Mere rhetoric by a person in power cannot work as an alternative to actually lived reality, nor can any opposition rhetoric negate it. How does Modi fare in this?
Modi 2014 could arguably be a verdict of national level hope inspired by the Gujarat model of delivery. But five years down the line, Modi 2019 could not have been even a bigger victory if that hope did not translate into delivery.
Changing millions of lives
Almost 20 million families, who earlier lived more or less under open skies have now a pucca house (cemented, concrete roof house).
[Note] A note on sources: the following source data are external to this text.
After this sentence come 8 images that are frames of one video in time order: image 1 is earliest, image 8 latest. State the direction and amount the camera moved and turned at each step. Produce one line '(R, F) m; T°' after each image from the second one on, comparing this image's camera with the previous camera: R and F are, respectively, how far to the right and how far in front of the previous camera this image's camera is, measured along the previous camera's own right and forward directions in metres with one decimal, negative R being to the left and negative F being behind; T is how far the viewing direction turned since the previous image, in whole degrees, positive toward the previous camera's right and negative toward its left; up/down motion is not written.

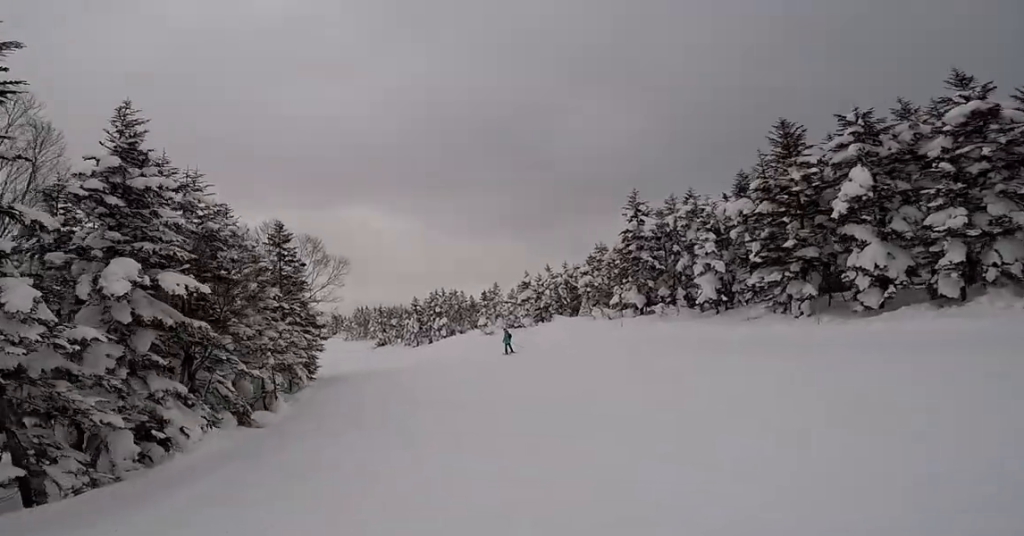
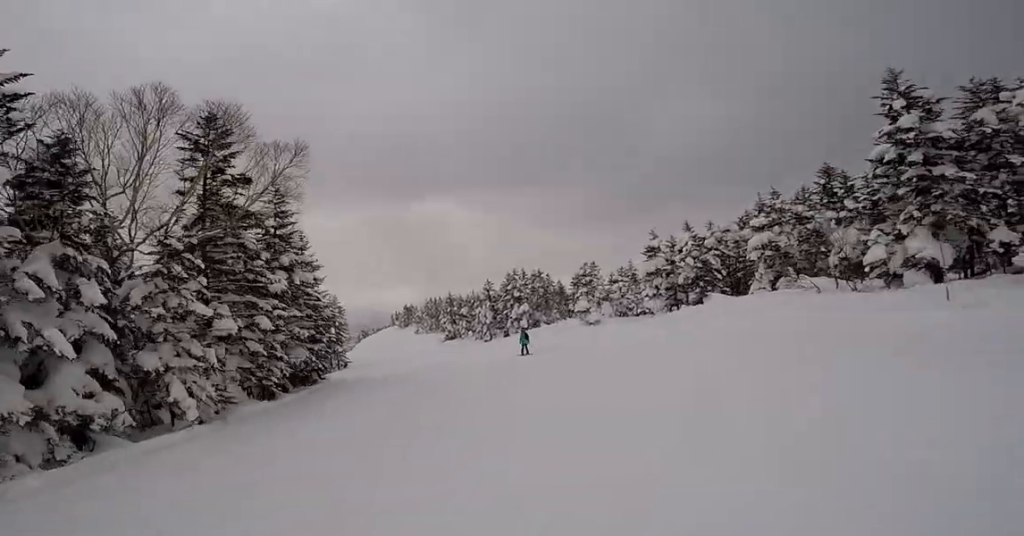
(-1.0, +14.3) m; -8°
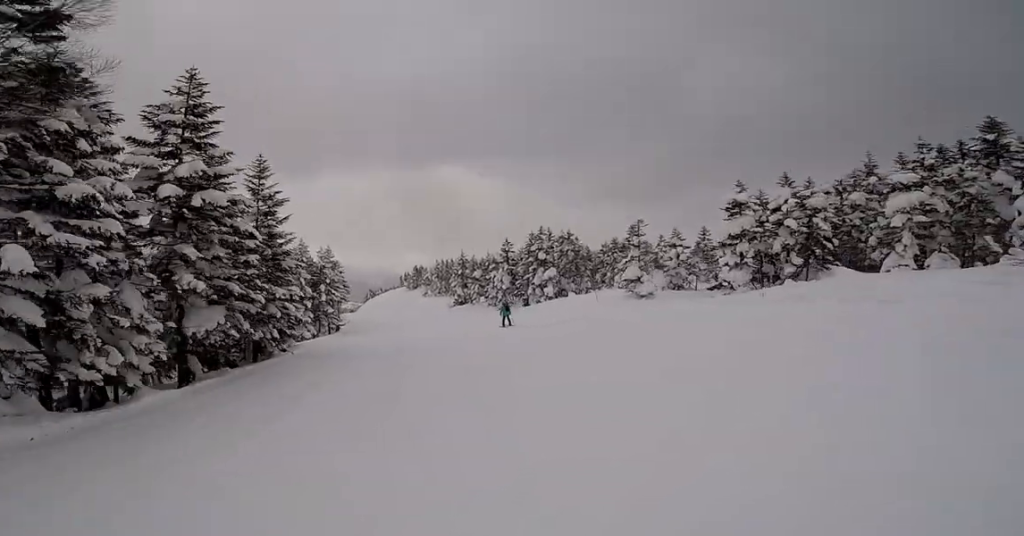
(-0.6, +7.6) m; -6°
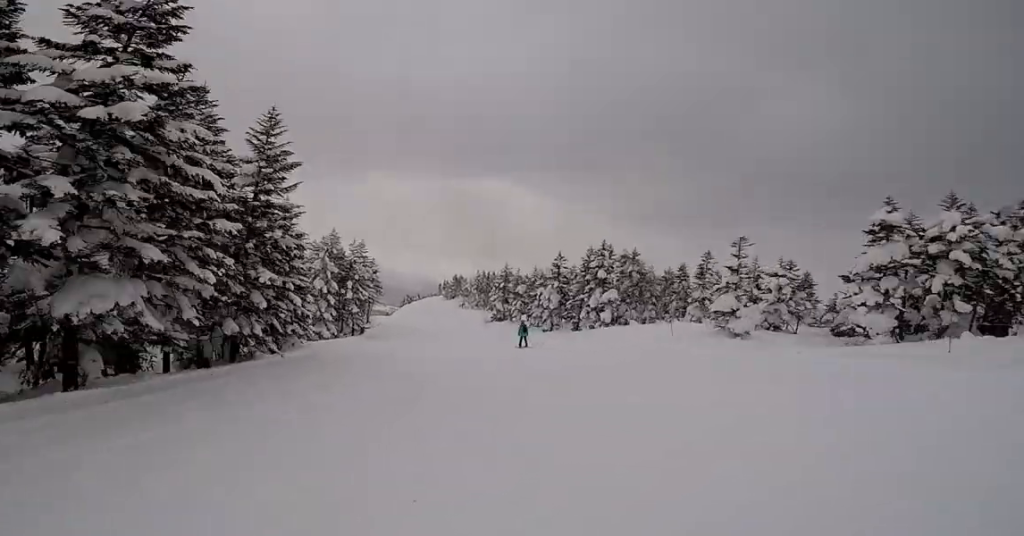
(-0.9, +5.3) m; -4°
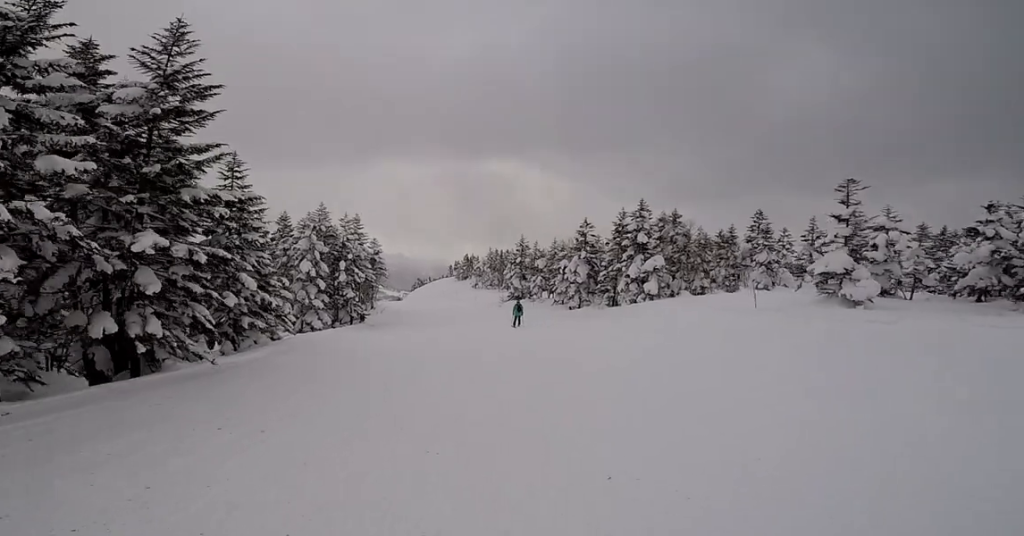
(+0.8, +5.9) m; 0°
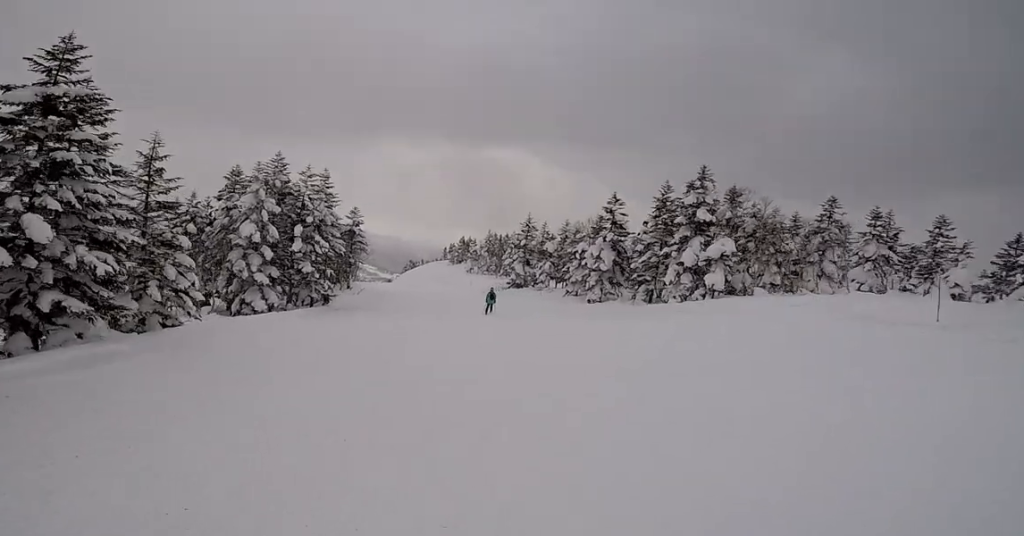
(-0.2, +8.1) m; 0°
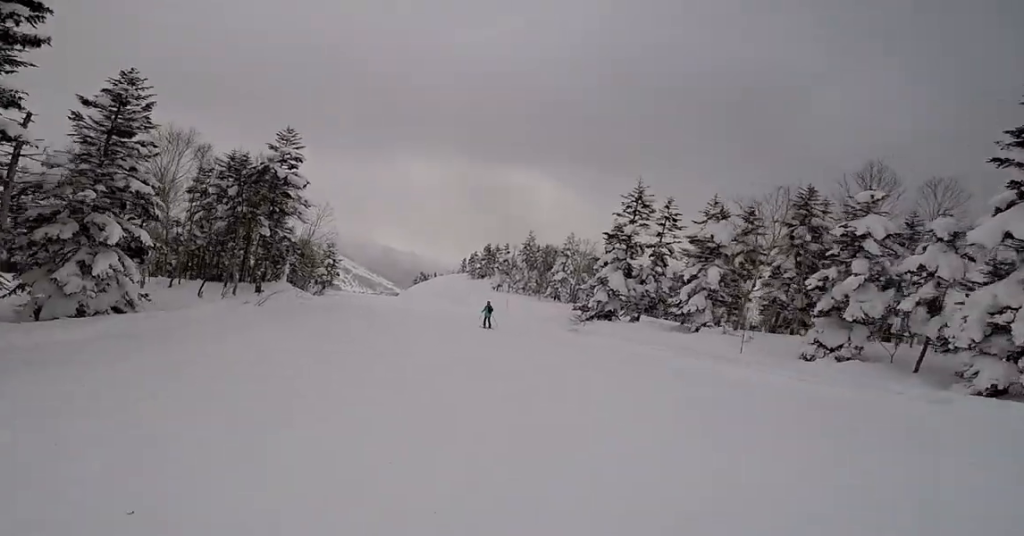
(-0.7, +24.4) m; -7°
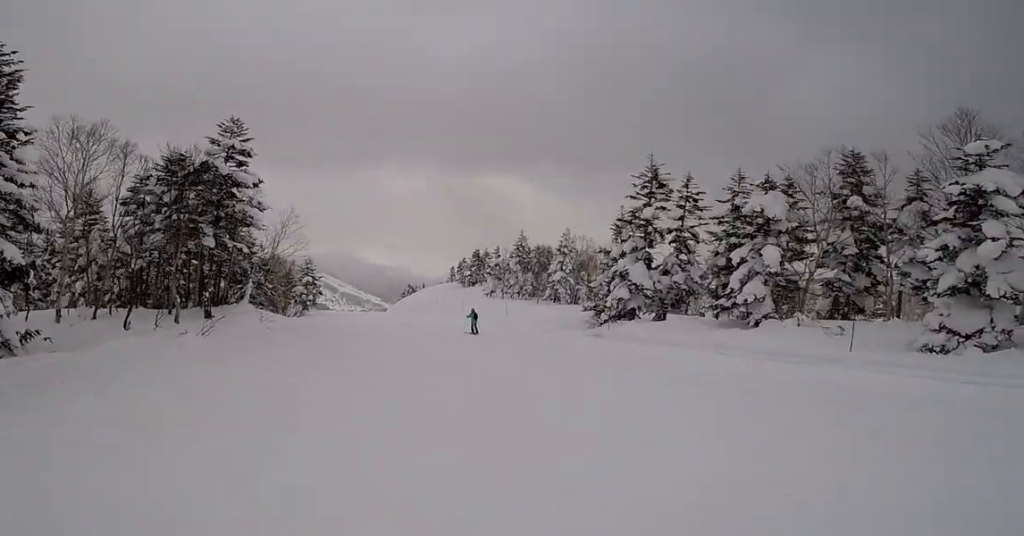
(0.0, +3.8) m; 0°

How can any analyst convince these families that Modi government did not change their lives?
Or indeed what can they tell the 400 million people who are now financially empowered through new bank accounts or the 200 million people who earlier could not get business loans because they were too poor to offer any collaterals, but now get collateral free loans.
Or indeed, who can tell the women of rural India, where toilet coverage was 38% before Modi became PM, but is now 100%, that Modi government has not made a positive impact in their daily lives?
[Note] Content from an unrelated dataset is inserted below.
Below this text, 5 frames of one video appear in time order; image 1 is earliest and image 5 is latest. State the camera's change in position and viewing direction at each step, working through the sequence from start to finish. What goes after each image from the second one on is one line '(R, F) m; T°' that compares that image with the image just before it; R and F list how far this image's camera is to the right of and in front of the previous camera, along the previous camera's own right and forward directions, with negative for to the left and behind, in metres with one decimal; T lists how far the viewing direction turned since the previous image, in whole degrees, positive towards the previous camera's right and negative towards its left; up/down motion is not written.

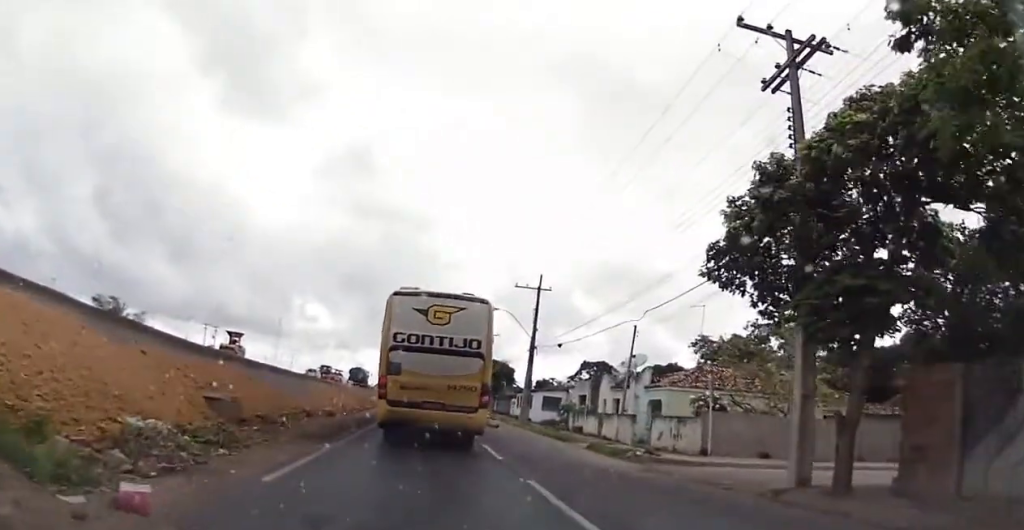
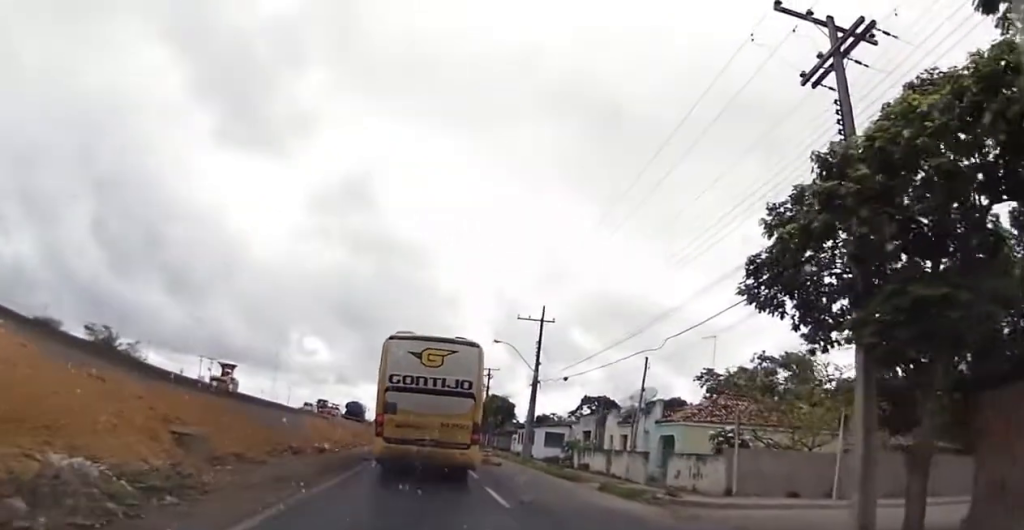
(0.0, +3.1) m; +1°
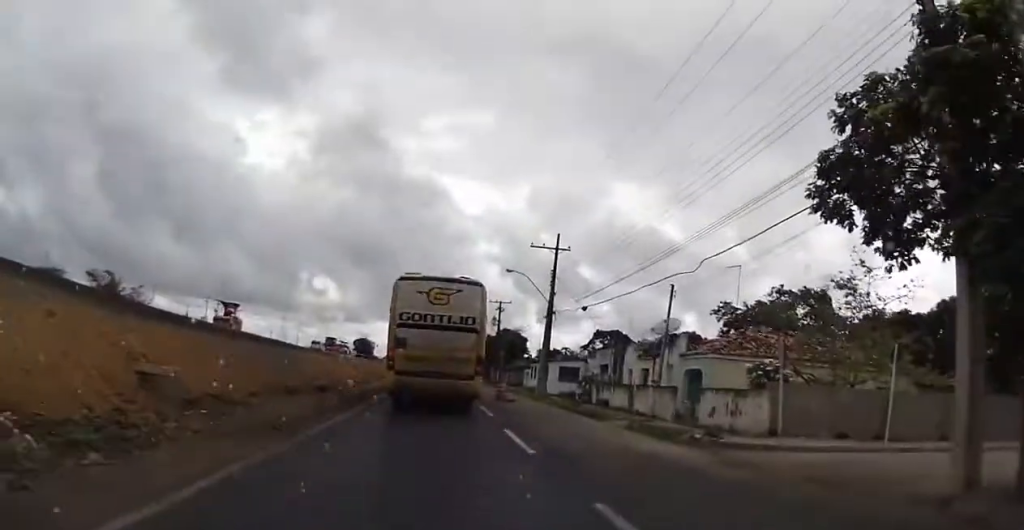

Or who can tell the Indian soldiers, who previously waited for over 40 years for One Rank One Pension (OROP), that Modi government, which delivered on this promise within the first year of its term, benefiting over 2 million soldiers, that Modi government has not delivered?
The fallacy of the commentators and indeed the opponents of Modi in analysing him is that they measure him by the standard politician’s yardstick, which is wholly inadequate. Modi is not your standard, run-of-the-mill politician. This is the principal dichotomy that eludes the analysts but not the people.
People see Modi working hard, all day, every day, day-after-day, for the role that they have given him. Just like the people do in their own respective lives. They identify some part of themselves in Modi.
That is why they trust his intentions and believe in his ability. It is a trust earned through the ‘tapasya’ (dedication) of a lifetime.
The last tweet of Sushma Swaraj, India’s former foreign minister, just hours before she died was to thank Prime Minister Modi for fulfilling her lifelong dream of witnessing abrogation of Article 370 in her lifetime.
It was a dream that had animated generations of political activists but it was Modi’s persistence and ability that made it finally possible.
There is an inherent romanticism in the dedication of generations of ordinary political workers and leaders to the extraordinary cause of nation building. As history has shown, it is the unwavering commitment of such romantics that changes the course of history.
Modi ignites that collective national romance among millions of Indians. That this is our time. That we may face hardships on the way, that we may marginally falter sometimes, but if we persist, we can achieve whatever we want.
That we can change the course of history. That is the sum total of Modi’s appeal. Modi wins because he epitomises the spirit of the ordinary Indian to do extraordinary deeds.